Lina El Tannir

Personal information
- Nicknames: Likaz; Lkz
- Born: October 23, 1987 (age 38) Cairo, Egypt
- Height: 1.70 m (5 ft 7 in)
- Weight: 52 kg (115 lb)

Sport
- Country: Egypt
- Handedness: Right Handed
- Turned pro: 2005
- Coached by: Talha Hussein Akram Youssef Mohamed Ismail
- Racquet used: Tecnifibre

Women's singles
- Highest ranking: No. 80 (October, 2006)

= Lina El Tannir =

Egyptian squash player (born 1987)

Lina El Tannir (born October 23, 1987, in Cairo) is a former professional squash player who represented Egypt.
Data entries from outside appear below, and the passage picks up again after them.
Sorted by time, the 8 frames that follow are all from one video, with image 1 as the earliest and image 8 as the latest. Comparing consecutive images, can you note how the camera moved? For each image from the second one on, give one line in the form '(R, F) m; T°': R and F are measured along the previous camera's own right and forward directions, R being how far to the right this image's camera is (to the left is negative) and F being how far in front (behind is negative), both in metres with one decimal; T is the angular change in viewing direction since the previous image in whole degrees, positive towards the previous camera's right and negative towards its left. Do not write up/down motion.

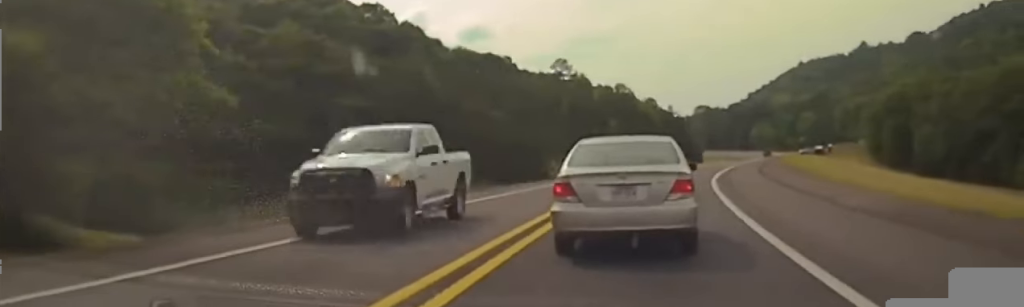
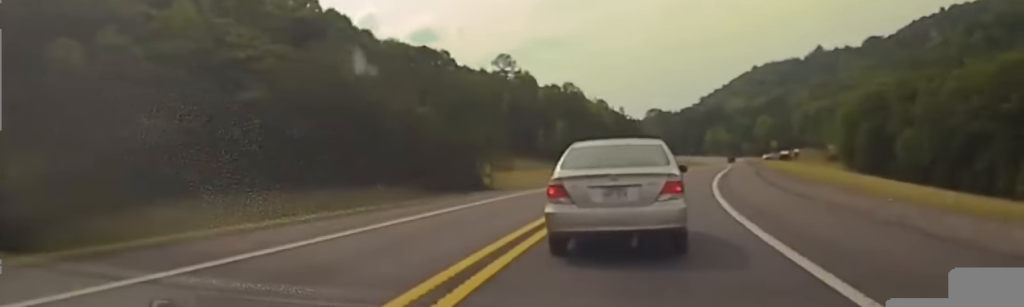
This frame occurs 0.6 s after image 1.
(+0.5, +19.5) m; +1°
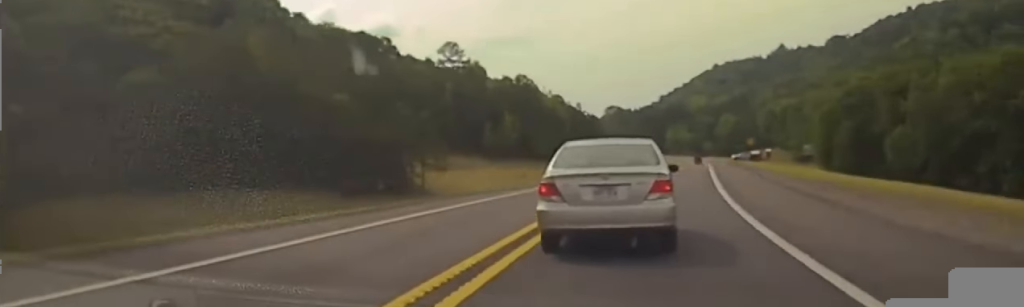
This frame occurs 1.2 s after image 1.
(0.0, +17.1) m; 0°
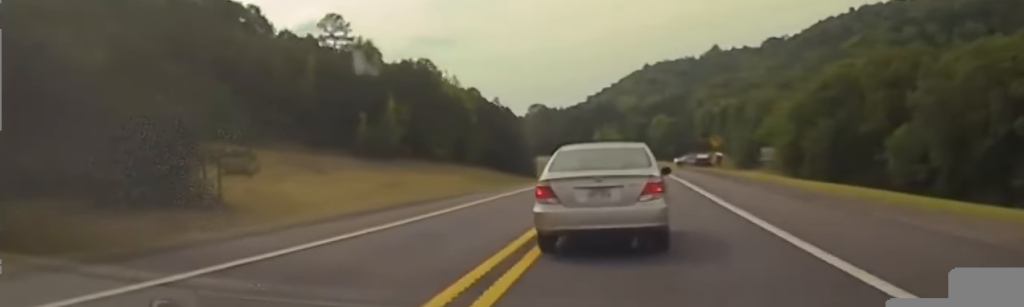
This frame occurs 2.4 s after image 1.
(0.0, +35.2) m; 0°
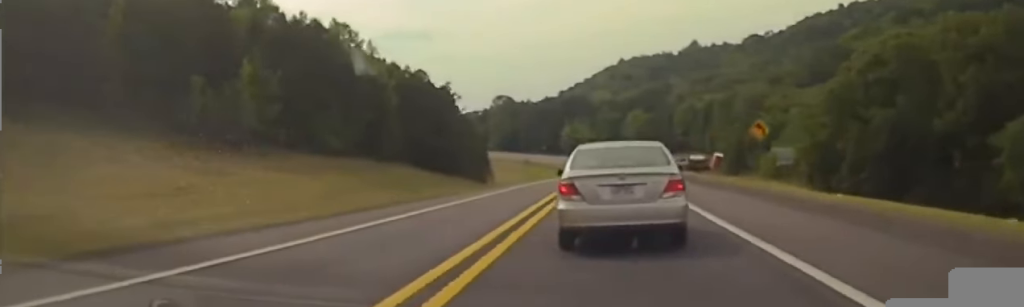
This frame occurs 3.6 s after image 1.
(+0.4, +38.4) m; +2°
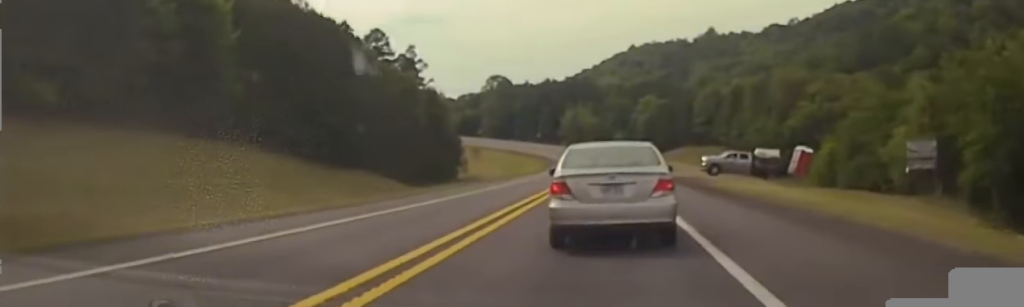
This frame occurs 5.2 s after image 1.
(+1.1, +51.3) m; +1°
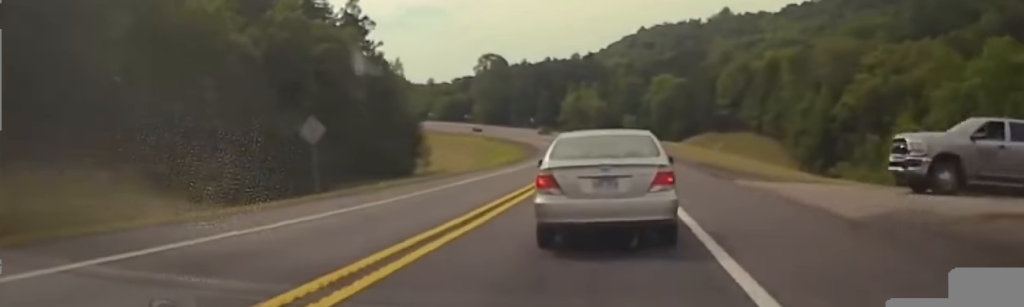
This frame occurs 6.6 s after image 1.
(-0.5, +44.6) m; -1°
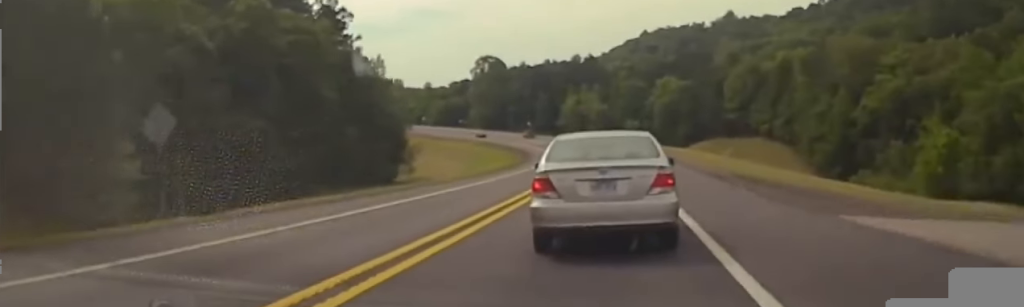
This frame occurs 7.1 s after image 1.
(-0.1, +14.2) m; 0°
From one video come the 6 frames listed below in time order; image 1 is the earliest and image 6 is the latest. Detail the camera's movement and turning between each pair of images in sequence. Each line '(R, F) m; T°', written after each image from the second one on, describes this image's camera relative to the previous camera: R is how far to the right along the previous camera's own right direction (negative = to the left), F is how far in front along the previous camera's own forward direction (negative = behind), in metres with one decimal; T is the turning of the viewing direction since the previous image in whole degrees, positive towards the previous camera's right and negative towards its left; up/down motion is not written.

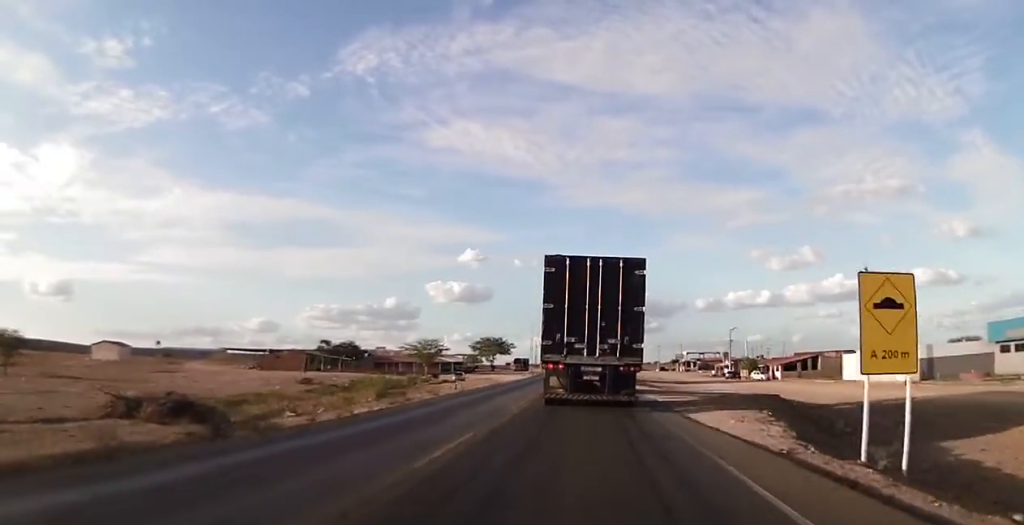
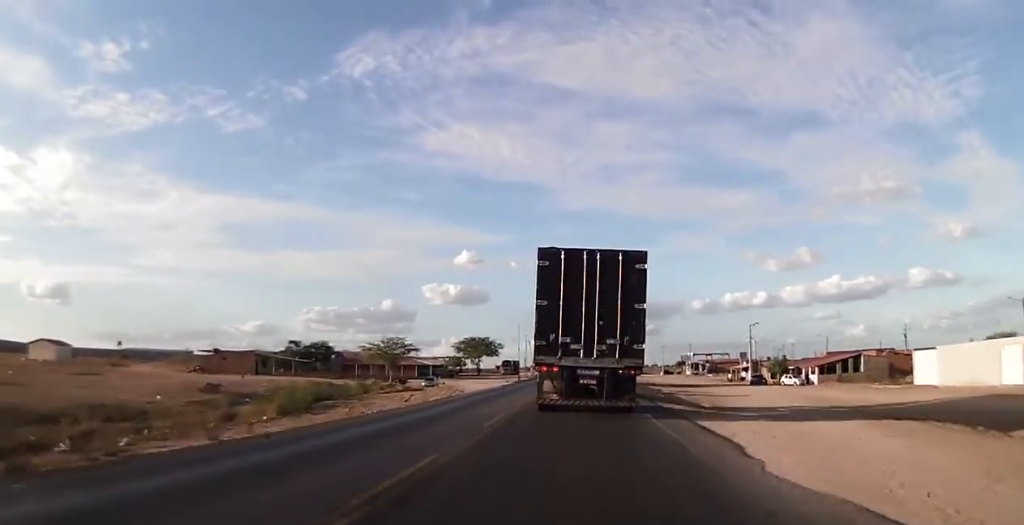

El Tannir started playing squash when she was twelve years old because her cousin, Heba Abu Ouf - former Egyptian national champion - and brother, Mohamed El Tannir, already did. Based at the Cairo’s Gezira Club, she was coached by Talha Hussein, Mohamed Ismail and Akram Youssef.

As a junior, El Tannir won many national events and several international tournaments. These included the German Junior Open twice (2002 & 2005), the British Junior Open (2006). She was also runner up in the Dutch Junior Open in 2002. She also represented Egypt in the World Junior Team Championship in 2005.

El Tannir was ranked third in the national swimming team when she was twelve and second in the national gymnastics team when she was eight. El Tannir reached a career-high world professionals ranking of World No. 80 in October 2006.